══ DATA TO PROCESS

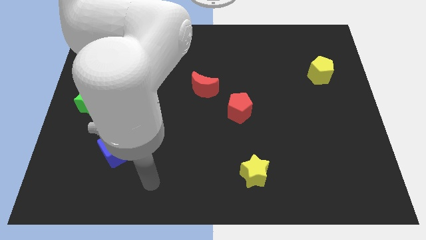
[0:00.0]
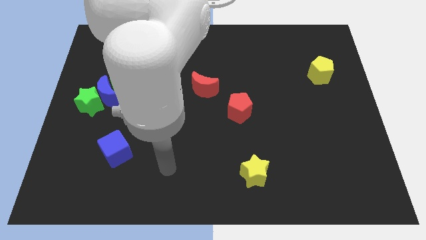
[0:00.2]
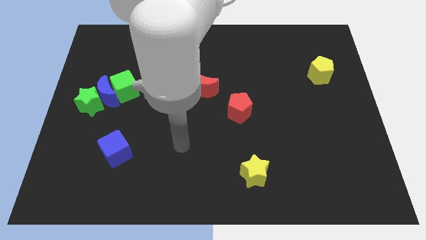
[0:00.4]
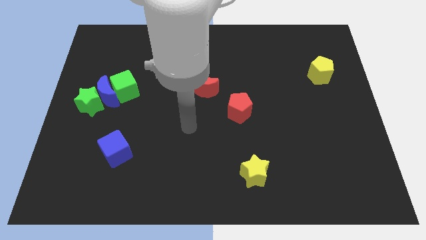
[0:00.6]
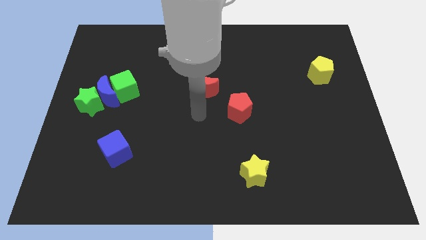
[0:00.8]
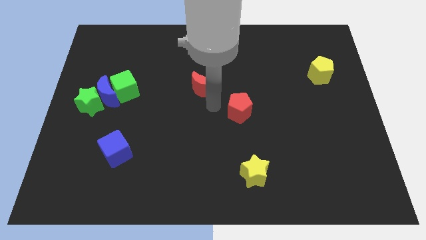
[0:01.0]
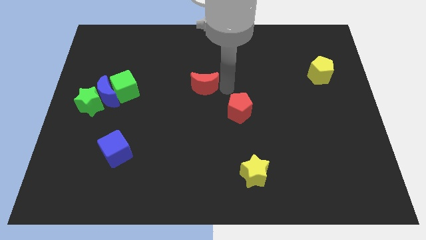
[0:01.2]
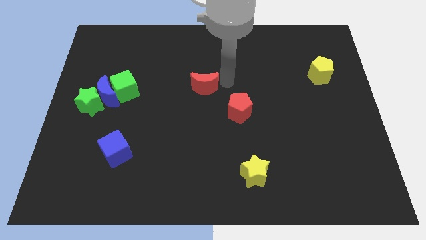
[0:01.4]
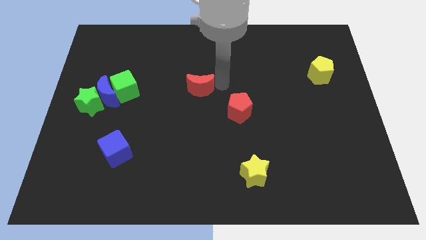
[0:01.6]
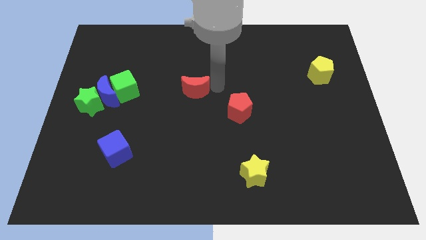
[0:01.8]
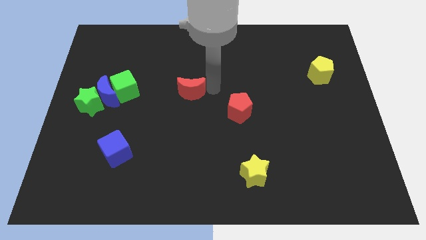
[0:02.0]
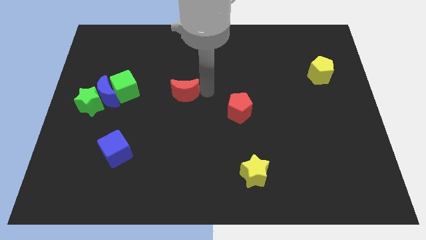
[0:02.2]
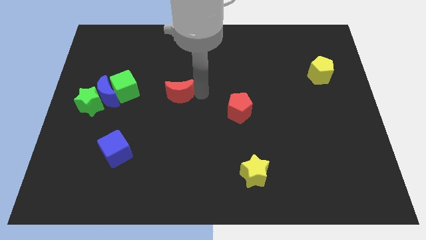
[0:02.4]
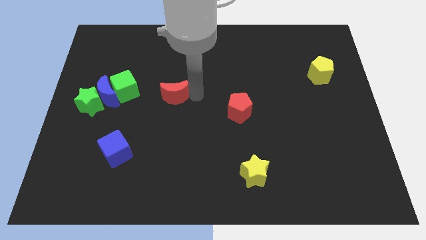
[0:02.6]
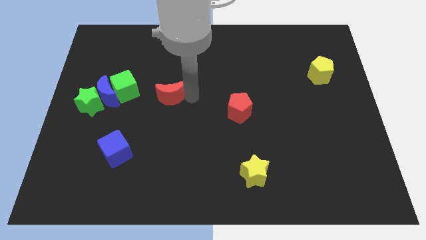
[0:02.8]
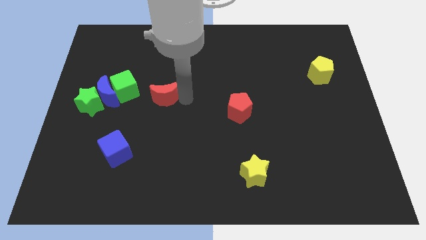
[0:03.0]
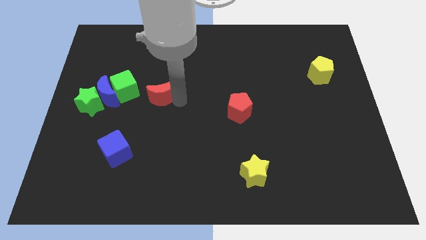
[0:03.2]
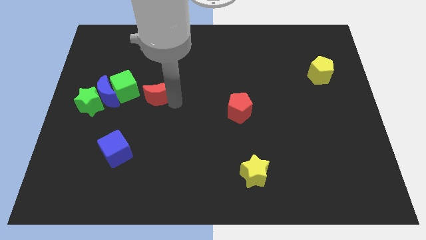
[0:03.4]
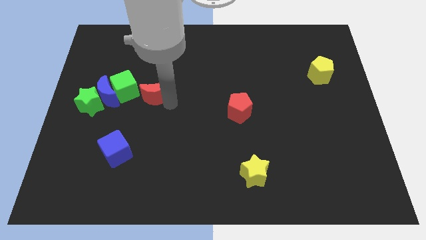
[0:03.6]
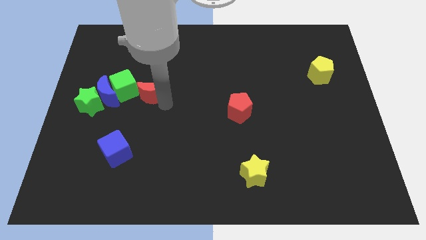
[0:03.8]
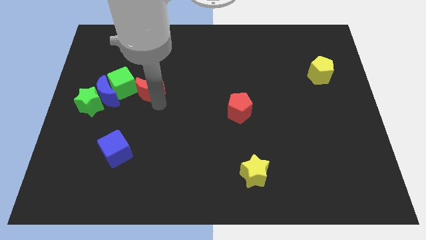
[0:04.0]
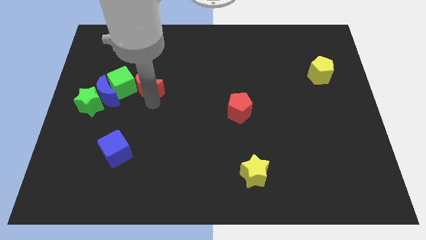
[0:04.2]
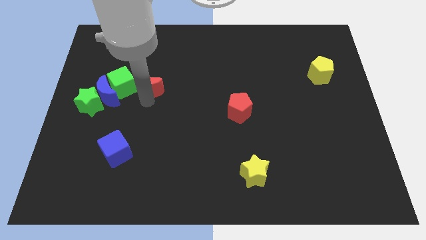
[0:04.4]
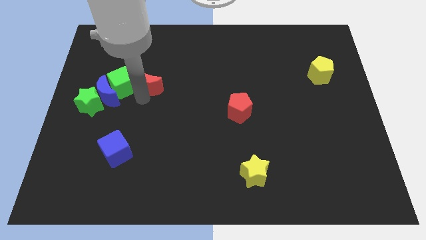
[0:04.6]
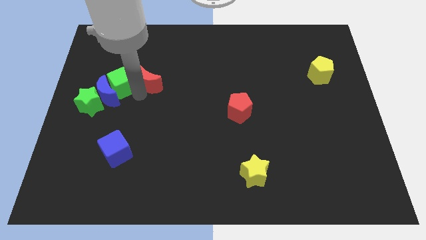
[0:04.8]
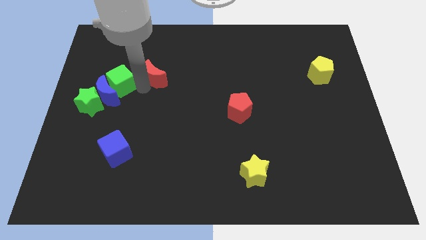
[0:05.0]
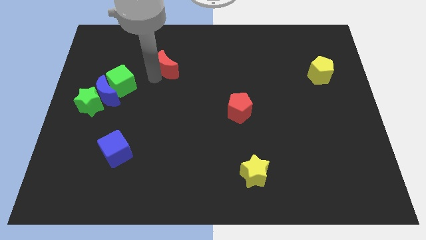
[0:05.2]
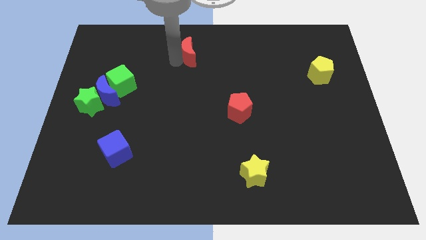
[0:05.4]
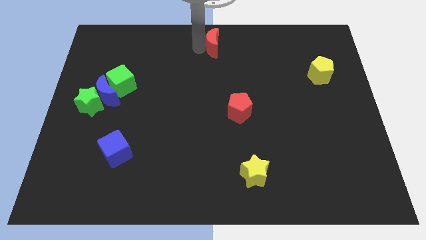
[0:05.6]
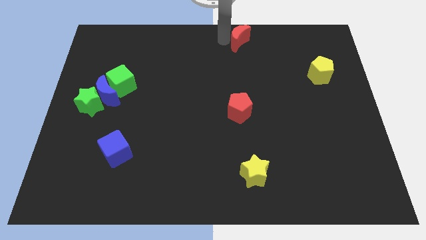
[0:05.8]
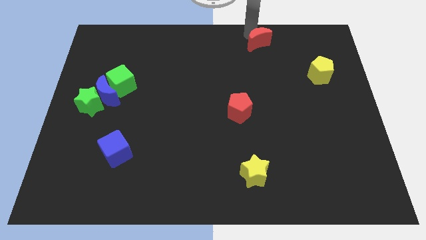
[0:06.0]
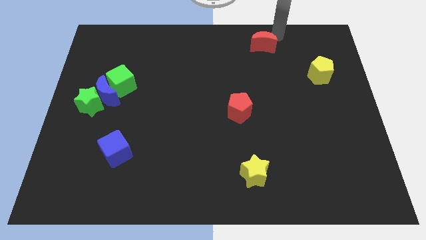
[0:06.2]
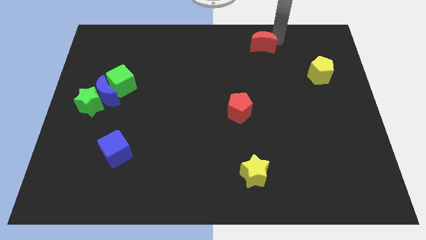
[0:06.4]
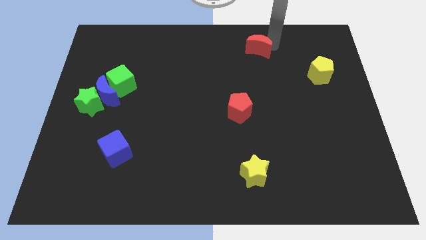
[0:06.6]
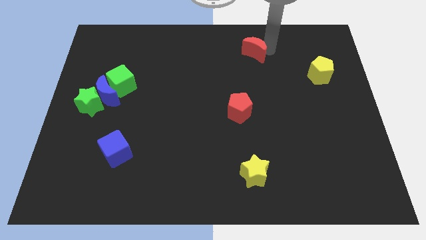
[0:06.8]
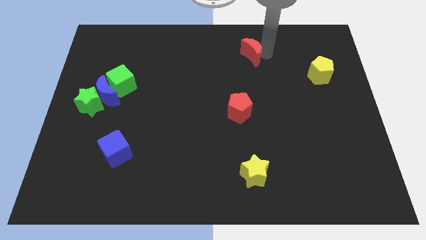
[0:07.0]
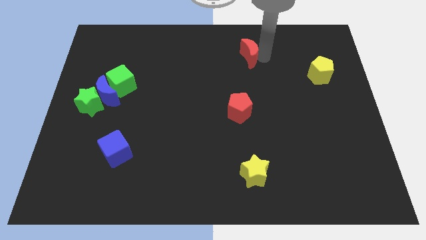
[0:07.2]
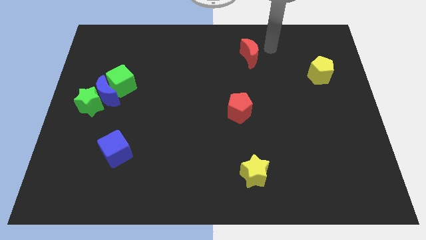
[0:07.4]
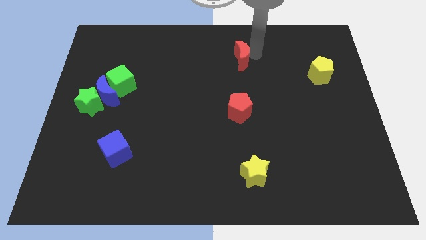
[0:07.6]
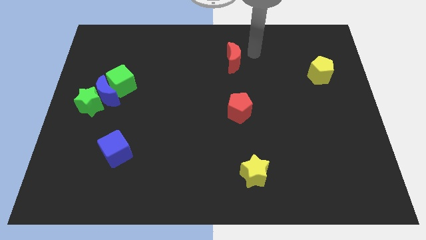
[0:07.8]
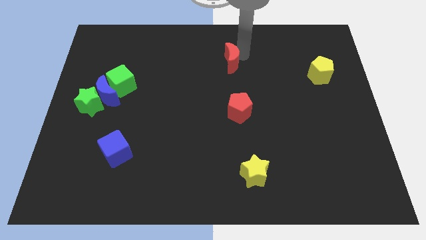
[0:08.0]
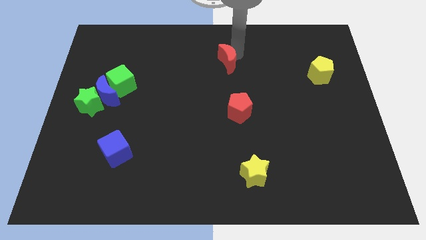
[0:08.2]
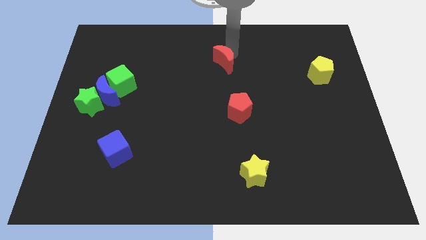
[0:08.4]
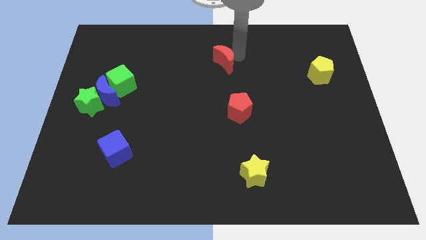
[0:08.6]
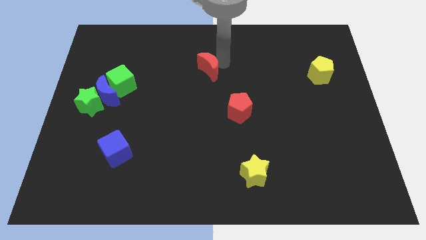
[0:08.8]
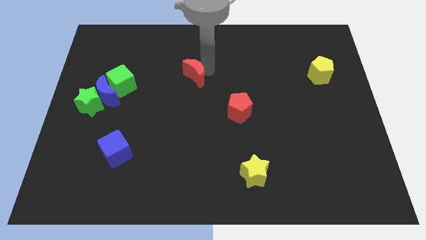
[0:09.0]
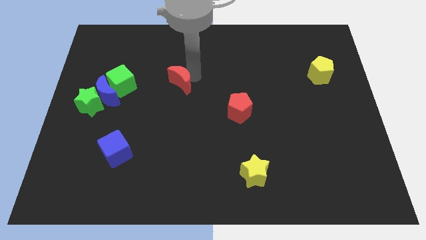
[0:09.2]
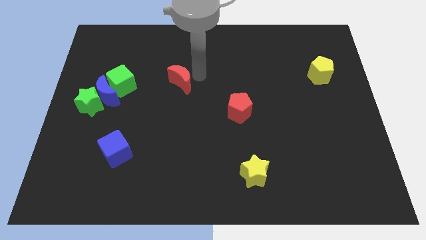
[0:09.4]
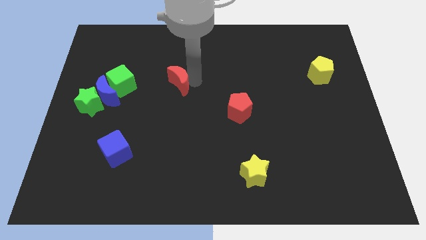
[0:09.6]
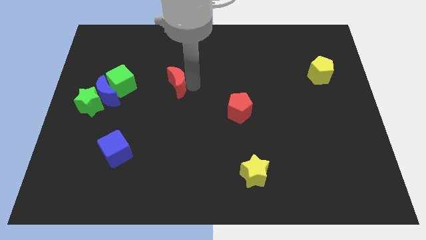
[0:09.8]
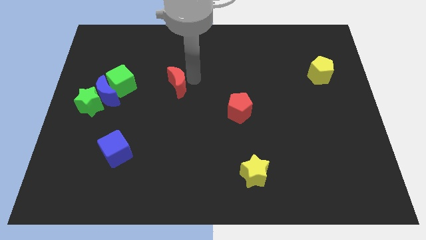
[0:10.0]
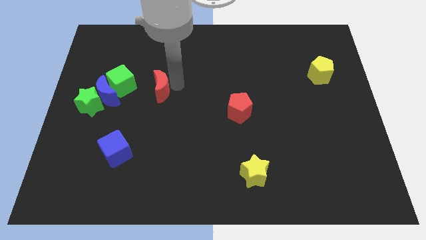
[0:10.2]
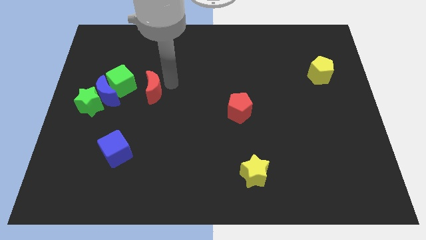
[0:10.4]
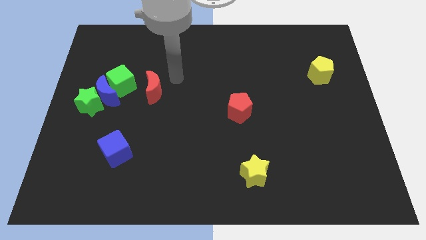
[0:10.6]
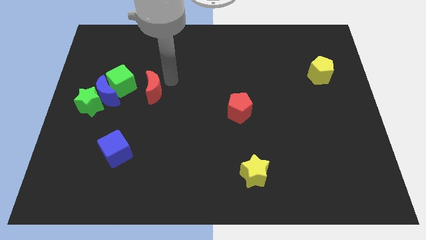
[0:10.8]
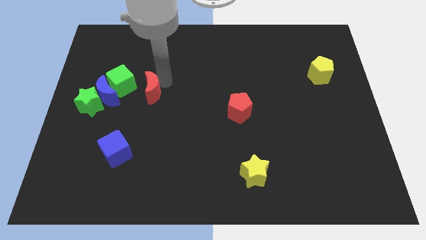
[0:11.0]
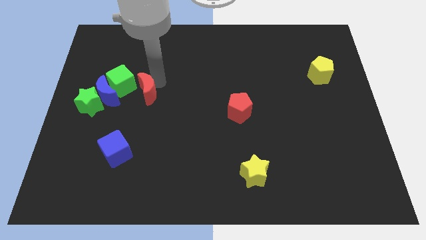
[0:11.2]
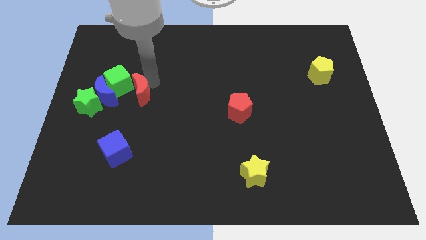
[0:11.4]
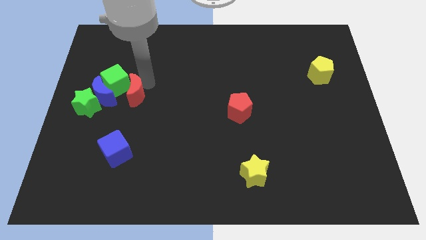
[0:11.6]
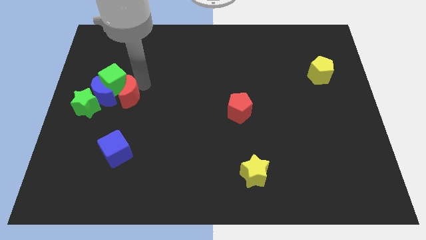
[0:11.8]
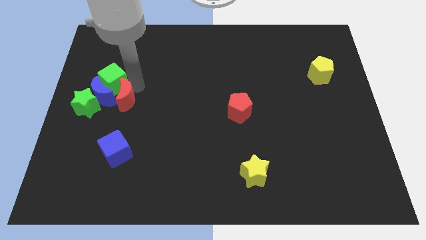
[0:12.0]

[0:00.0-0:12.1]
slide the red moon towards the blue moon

════

DIRECTIONS:
When you reproduce the entries above, keep every word exact and leave the images out.

TASK OUTPUT:
[0:00.0]
[0:00.2]
[0:00.4]
[0:00.6]
[0:00.8]
[0:01.0]
[0:01.2]
[0:01.4]
[0:01.6]
[0:01.8]
[0:02.0]
[0:02.2]
[0:02.4]
[0:02.6]
[0:02.8]
[0:03.0]
[0:03.2]
[0:03.4]
[0:03.6]
[0:03.8]
[0:04.0]
[0:04.2]
[0:04.4]
[0:04.6]
[0:04.8]
[0:05.0]
[0:05.2]
[0:05.4]
[0:05.6]
[0:05.8]
[0:06.0]
[0:06.2]
[0:06.4]
[0:06.6]
[0:06.8]
[0:07.0]
[0:07.2]
[0:07.4]
[0:07.6]
[0:07.8]
[0:08.0]
[0:08.2]
[0:08.4]
[0:08.6]
[0:08.8]
[0:09.0]
[0:09.2]
[0:09.4]
[0:09.6]
[0:09.8]
[0:10.0]
[0:10.2]
[0:10.4]
[0:10.6]
[0:10.8]
[0:11.0]
[0:11.2]
[0:11.4]
[0:11.6]
[0:11.8]
[0:12.0]

[0:00.0-0:12.1]
slide the red moon towards the blue moon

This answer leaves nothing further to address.